Jackie parecía abstraída, lejana, meditabunda. Zo y ella nunca habían estado muy unidas, según había oído Maya, y algunos decían que se odiaban cordialmente. Pero era su hija, y se suponía que uno no debía sobrevivir a los hijos; incluso alguien sin descendencia como Maya lo sentía así. Aunque ellos habían abrogado toda ley, y la biología ya no tenía ningún valor, si Ann hubiese perdido a Peter en la caída del cable, si Nadia y Art perdían alguna vez a Nikki… Incluso la insensata Jackie tenía que sentirlo.

Y así era. Pensaba frenéticamente, tratando de encontrar una salida. Pero no la había, y ella se convertiría en una persona distinta. El envejecimiento no tenía ninguna relación con la edad, ninguna.

—Oh, Jackie —dijo Maya, y tendió la mano. Jackie dio un respingo y Maya retiró la mano—. Lo siento.

Pero justamente cuando más necesitaban ayuda, más extremo era el aislamiento de las personas. Maya lo había aprendido la noche de la desaparición de Hiroko, cuando había tratado de consolar a Michel. No podía hacerse nada.

Maya deseaba abofetear a la llorosa auxiliar, pero se contuvo.

—¿Por qué no acompaña a la señora Boone al barco?

Jackie se mostraba aturdida. El respingo ante Maya había sido instintivo, la incredulidad absorbía toda su energía. Era lo que se podía esperar de cualquier ser humano, y acaso era peor si uno no se había llevado bien con el hijo, peor que si uno los amaba… Ah, Dios.

—Vayan —dijo Maya a la auxiliar, y con una mirada ordenó a Athos que ayudara. El hombre causaría impresión en Jackie, de una manera o de otra. Entre los dos se la llevaron. Seguía teniendo la espalda más hermosa del mundo, y porte de reina. Eso cambiaría cuando la noticia se filtrara en su interior.

Más tarde Maya se encontró en el extremo sudeste de la ciudad iluminada, donde negras bermas de escoria bordeaban la lámina estrellada del canal. Parecía el documento de una vida: brillantes garabatos que se desplazaban hacia un negro horizonte. Estrellas en el cielo y a sus pies. Una pista oscura sobre la que se deslizaban sin ruido.

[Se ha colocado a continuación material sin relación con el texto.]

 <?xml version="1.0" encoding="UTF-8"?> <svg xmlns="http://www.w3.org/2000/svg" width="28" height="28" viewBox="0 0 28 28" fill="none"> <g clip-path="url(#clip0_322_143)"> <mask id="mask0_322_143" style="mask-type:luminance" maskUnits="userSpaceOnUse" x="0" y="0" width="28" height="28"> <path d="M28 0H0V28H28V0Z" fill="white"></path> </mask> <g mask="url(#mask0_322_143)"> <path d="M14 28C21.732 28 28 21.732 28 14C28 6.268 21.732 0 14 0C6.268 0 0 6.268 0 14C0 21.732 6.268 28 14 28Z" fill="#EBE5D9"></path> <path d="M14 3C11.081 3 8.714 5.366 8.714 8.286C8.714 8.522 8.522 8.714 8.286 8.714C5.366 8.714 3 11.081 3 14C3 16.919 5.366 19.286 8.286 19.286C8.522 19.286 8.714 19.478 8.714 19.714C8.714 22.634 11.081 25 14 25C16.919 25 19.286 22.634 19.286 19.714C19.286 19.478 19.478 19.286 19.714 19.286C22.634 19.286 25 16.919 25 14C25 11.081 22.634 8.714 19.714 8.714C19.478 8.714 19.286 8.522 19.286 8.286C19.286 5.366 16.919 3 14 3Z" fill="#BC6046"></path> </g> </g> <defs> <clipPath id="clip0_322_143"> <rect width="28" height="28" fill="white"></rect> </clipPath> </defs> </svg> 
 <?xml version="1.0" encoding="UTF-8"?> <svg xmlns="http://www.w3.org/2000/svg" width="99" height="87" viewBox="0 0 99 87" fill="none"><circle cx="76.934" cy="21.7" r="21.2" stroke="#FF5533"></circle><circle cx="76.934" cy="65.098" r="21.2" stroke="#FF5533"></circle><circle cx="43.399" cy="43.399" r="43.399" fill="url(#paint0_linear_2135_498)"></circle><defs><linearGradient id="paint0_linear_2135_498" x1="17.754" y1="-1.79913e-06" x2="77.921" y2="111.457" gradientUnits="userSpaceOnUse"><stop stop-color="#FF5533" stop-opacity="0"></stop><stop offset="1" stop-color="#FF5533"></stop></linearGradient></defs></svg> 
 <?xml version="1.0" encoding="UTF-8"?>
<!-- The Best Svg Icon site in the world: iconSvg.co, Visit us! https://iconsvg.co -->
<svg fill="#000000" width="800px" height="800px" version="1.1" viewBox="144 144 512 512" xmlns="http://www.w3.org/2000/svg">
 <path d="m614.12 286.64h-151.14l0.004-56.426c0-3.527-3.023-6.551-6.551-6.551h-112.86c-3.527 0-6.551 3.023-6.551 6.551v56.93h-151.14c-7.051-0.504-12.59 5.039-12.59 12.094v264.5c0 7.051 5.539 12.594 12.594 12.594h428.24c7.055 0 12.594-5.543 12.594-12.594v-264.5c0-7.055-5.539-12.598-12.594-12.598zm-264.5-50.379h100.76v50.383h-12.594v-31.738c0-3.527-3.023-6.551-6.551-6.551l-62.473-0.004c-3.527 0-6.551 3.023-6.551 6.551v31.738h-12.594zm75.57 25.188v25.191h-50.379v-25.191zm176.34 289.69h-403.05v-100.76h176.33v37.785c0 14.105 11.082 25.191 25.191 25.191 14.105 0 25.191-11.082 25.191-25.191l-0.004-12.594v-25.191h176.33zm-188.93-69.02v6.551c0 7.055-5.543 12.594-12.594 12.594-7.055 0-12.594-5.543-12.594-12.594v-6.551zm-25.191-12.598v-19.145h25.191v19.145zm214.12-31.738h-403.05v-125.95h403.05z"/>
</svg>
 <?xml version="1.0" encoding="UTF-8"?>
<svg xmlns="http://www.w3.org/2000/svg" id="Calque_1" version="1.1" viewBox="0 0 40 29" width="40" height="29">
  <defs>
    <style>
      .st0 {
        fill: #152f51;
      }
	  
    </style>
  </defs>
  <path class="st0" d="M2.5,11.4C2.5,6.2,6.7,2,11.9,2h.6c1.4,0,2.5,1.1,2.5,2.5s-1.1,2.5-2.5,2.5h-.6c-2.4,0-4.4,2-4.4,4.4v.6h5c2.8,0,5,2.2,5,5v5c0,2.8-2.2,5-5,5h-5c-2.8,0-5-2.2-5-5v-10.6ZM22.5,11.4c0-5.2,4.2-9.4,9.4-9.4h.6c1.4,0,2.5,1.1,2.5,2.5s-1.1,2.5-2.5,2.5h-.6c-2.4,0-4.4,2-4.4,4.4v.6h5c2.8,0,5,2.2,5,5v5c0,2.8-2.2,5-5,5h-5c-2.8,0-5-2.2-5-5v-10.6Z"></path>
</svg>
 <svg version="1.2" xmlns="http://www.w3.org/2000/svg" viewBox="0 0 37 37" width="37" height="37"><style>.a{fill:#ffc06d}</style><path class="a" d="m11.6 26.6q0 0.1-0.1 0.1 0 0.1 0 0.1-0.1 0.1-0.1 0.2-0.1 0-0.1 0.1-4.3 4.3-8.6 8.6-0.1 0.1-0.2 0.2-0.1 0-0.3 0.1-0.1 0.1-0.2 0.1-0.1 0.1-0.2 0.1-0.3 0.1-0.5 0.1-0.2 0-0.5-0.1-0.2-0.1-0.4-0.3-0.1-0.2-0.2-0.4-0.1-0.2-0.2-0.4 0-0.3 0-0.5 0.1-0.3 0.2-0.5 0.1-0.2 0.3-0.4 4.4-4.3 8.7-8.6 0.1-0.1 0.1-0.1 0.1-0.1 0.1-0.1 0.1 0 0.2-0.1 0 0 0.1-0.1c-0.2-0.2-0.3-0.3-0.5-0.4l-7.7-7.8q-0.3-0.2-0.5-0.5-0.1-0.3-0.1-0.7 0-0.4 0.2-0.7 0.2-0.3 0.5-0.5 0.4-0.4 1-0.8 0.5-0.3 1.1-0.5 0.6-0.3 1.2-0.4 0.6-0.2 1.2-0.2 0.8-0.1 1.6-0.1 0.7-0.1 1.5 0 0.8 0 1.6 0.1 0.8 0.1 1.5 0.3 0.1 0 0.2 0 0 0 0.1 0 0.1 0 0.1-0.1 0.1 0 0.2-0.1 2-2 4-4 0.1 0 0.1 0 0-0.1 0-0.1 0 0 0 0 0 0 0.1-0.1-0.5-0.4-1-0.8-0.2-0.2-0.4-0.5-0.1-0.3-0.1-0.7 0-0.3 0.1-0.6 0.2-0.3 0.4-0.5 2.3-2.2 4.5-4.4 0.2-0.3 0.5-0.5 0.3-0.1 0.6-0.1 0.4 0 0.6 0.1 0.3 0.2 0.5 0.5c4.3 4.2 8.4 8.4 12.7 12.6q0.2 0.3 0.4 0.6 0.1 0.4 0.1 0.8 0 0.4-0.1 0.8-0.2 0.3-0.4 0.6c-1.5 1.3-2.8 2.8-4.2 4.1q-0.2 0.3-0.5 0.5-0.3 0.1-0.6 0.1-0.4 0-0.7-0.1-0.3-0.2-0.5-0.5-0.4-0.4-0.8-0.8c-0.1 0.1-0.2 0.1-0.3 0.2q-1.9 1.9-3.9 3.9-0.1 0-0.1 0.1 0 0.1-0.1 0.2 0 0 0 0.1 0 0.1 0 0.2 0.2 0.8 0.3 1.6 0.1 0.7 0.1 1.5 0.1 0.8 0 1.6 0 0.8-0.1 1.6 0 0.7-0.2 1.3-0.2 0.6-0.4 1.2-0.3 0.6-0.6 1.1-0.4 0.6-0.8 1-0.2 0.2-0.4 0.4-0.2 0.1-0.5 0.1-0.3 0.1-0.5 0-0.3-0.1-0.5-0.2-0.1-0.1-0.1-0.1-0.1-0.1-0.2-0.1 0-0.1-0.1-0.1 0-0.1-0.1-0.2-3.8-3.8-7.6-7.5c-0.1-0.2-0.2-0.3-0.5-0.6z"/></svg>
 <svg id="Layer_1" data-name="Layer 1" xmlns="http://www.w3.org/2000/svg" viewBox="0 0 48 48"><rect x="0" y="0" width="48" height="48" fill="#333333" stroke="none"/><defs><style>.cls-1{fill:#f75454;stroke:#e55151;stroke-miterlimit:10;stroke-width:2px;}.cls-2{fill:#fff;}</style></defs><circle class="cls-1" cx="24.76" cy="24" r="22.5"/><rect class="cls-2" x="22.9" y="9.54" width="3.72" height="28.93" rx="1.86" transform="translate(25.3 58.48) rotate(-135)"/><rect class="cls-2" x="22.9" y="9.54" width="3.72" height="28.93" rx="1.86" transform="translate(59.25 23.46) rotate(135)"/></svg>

Regresó al barco y subió por la pasarela tambaleándose. Era angustioso sentirse así por un enemigo, perderlo como consecuencia de un desastre de esa magnitud.

—¿A quién voy a odiar ahora? —le gritó a Michel.

—Bueno… —dijo Michel, sobresaltado, y en un tono tranquilizador añadió—: Seguro que encontrarás a alguien.

Maya soltó una risotada. Michel esbozó una breve sonrisa y luego se encogió de hombros, con expresión grave. Él nunca se había dejado engañar por el tratamiento. Eran cuentos de inmortalidad en carne mortal, insistía siempre. Mostraba un pesimismo categórico, y ahí tenían una nueva prueba.